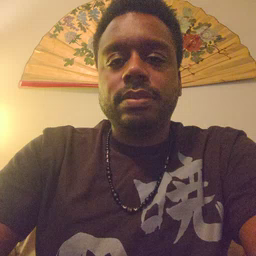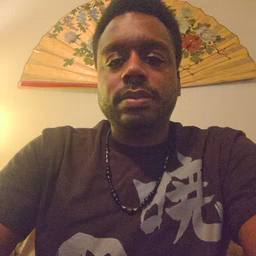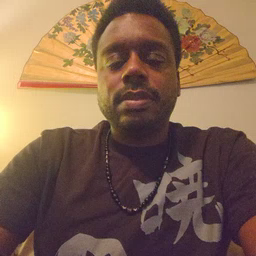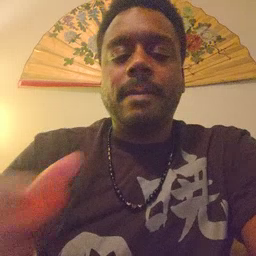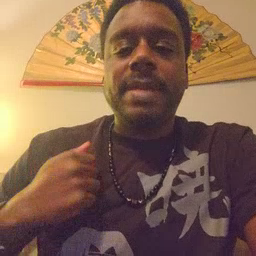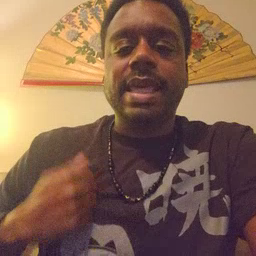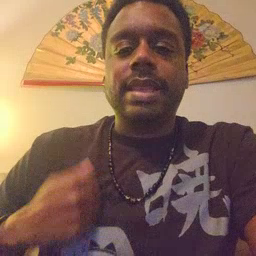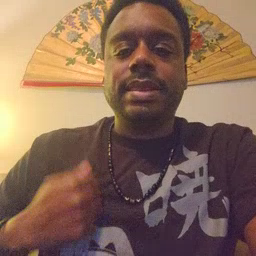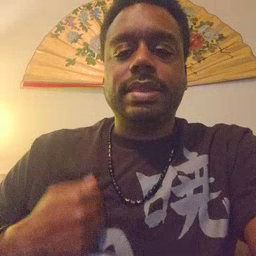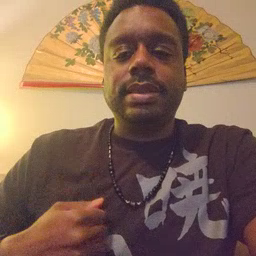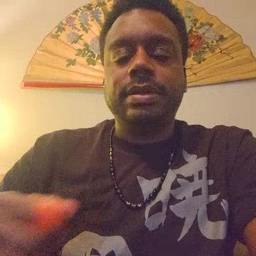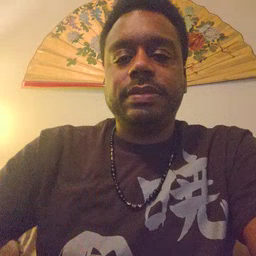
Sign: bath
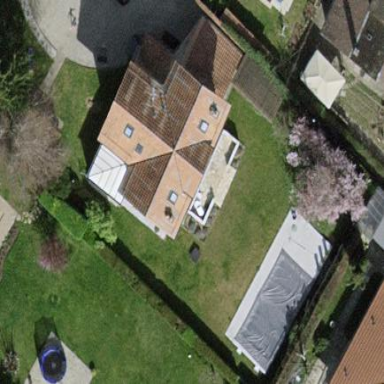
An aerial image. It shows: Garden enclosed by fence.
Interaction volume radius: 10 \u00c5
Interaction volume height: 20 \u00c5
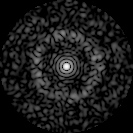
Disorder parameter: 0.8342
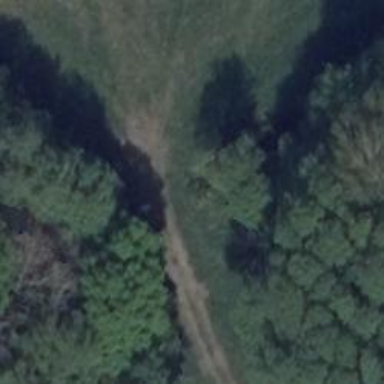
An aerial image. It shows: Culvert tunnel.
+-------+
*What you will do:*
Set every record down exactly, omitting pictures.

*Expected output:*
Sign: bath
An aerial image. It shows: Garden enclosed by fence.
Interaction volume radius: 10 \u00c5
Interaction volume height: 20 \u00c5
Disorder parameter: 0.8342
An aerial image. It shows: Culvert tunnel.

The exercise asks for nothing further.